What to work on -
In the copy, keep every record exact and leave out all images.

Source material -
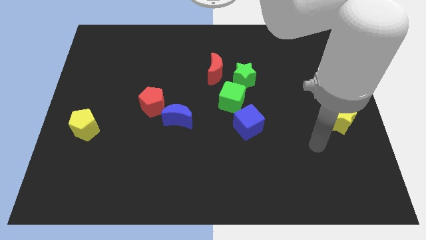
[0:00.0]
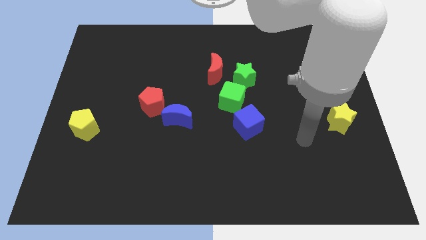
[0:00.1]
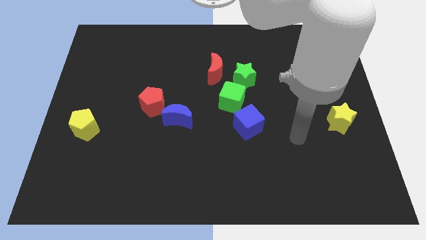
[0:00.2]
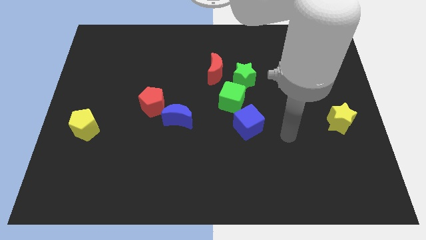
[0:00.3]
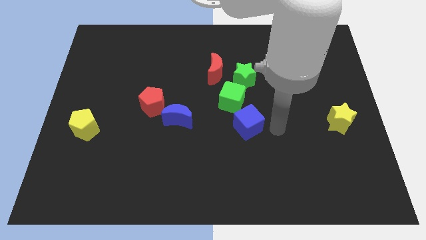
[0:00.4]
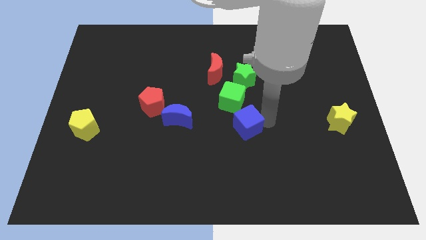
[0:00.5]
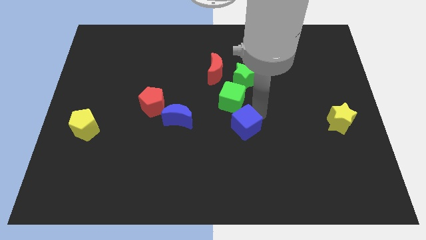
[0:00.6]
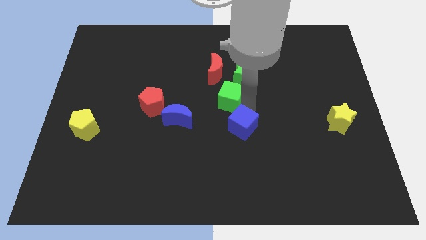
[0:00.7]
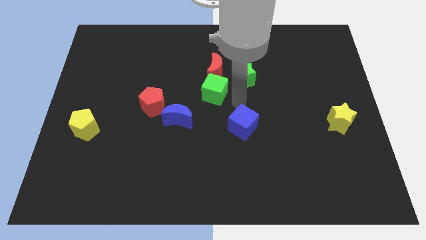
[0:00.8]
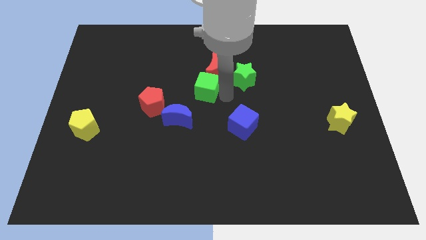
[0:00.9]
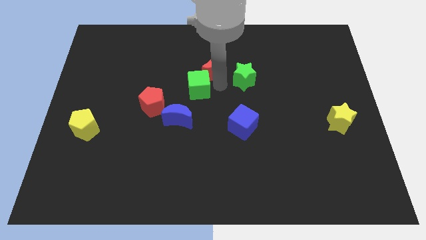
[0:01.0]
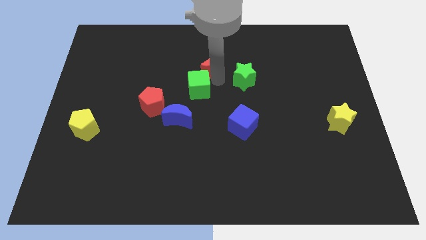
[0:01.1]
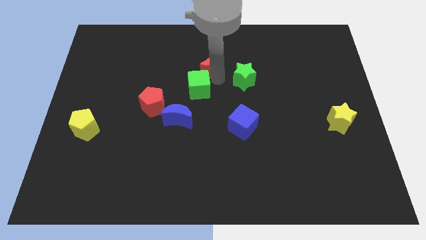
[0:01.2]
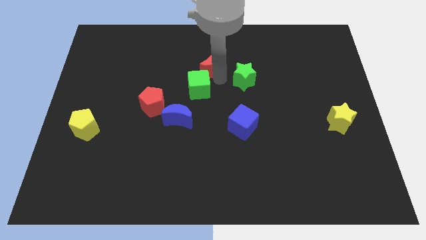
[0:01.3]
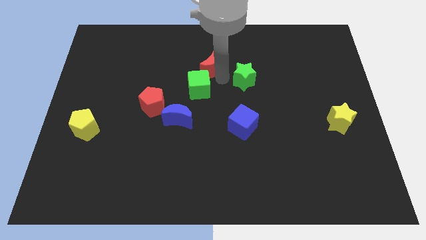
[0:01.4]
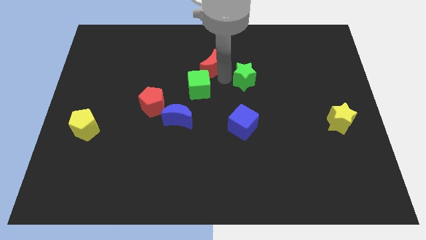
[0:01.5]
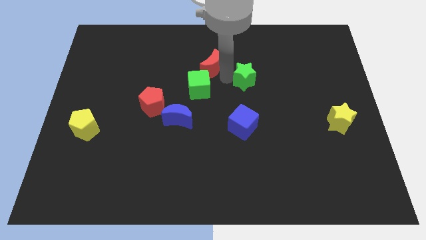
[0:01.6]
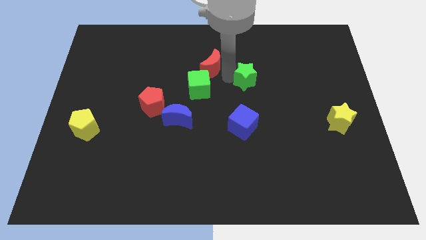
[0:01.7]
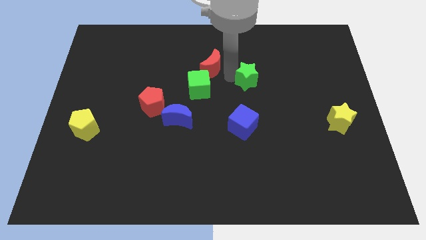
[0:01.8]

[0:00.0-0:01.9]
separate the green star from the red moon and green cube

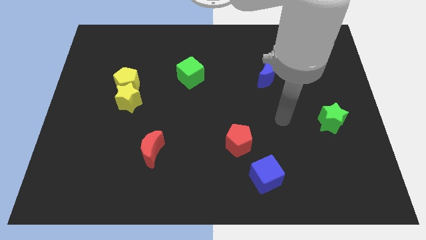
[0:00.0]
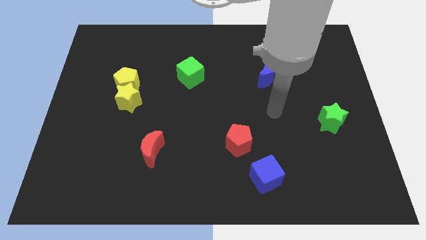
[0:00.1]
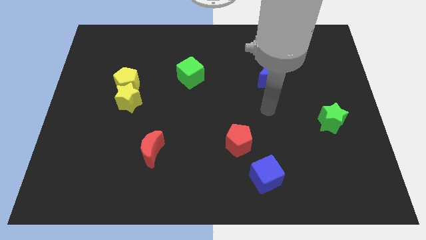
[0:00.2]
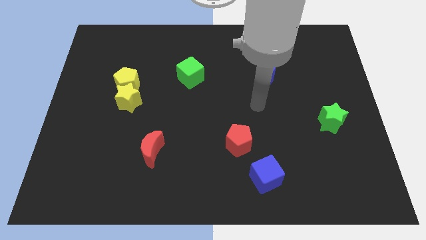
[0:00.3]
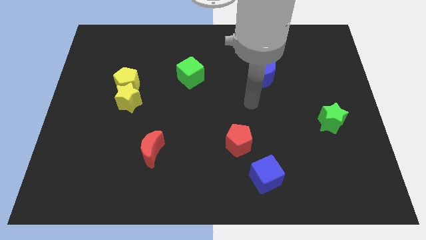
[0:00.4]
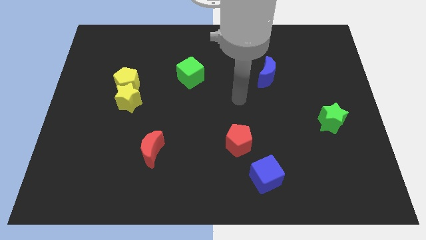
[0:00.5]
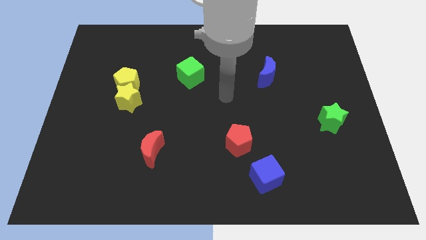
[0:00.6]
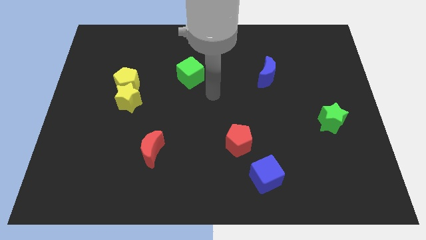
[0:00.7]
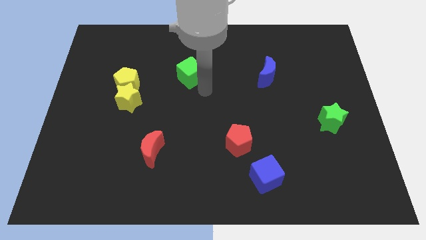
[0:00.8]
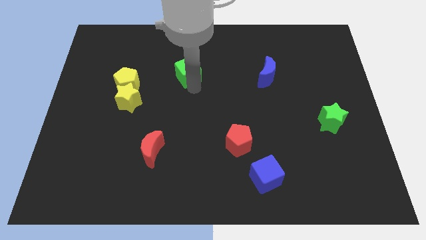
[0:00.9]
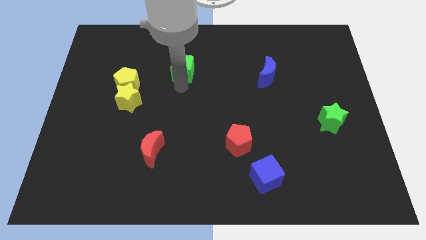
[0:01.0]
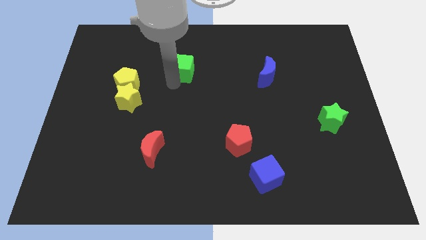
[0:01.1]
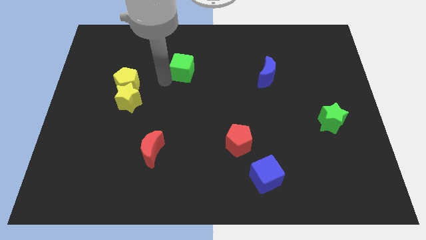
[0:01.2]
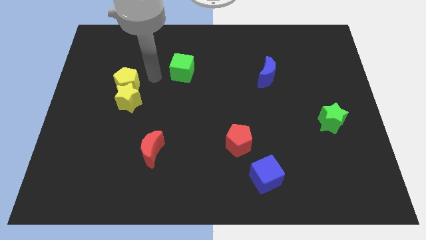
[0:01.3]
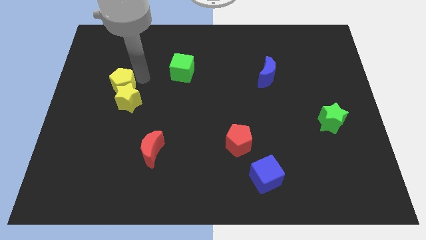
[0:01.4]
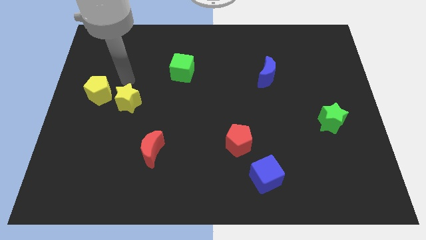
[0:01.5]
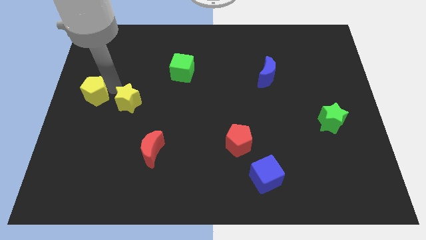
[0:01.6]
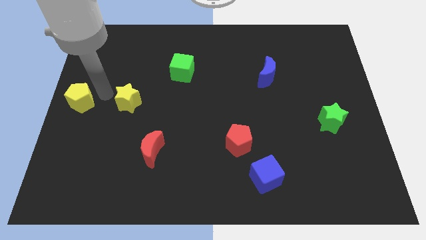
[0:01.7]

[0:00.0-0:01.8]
move the yellow star away from the yellow pentagon

Your response -
[0:00.0]
[0:00.1]
[0:00.2]
[0:00.3]
[0:00.4]
[0:00.5]
[0:00.6]
[0:00.7]
[0:00.8]
[0:00.9]
[0:01.0]
[0:01.1]
[0:01.2]
[0:01.3]
[0:01.4]
[0:01.5]
[0:01.6]
[0:01.7]
[0:01.8]

[0:00.0-0:01.9]
separate the green star from the red moon and green cube

[0:00.0]
[0:00.1]
[0:00.2]
[0:00.3]
[0:00.4]
[0:00.5]
[0:00.6]
[0:00.7]
[0:00.8]
[0:00.9]
[0:01.0]
[0:01.1]
[0:01.2]
[0:01.3]
[0:01.4]
[0:01.5]
[0:01.6]
[0:01.7]

[0:00.0-0:01.8]
move the yellow star away from the yellow pentagon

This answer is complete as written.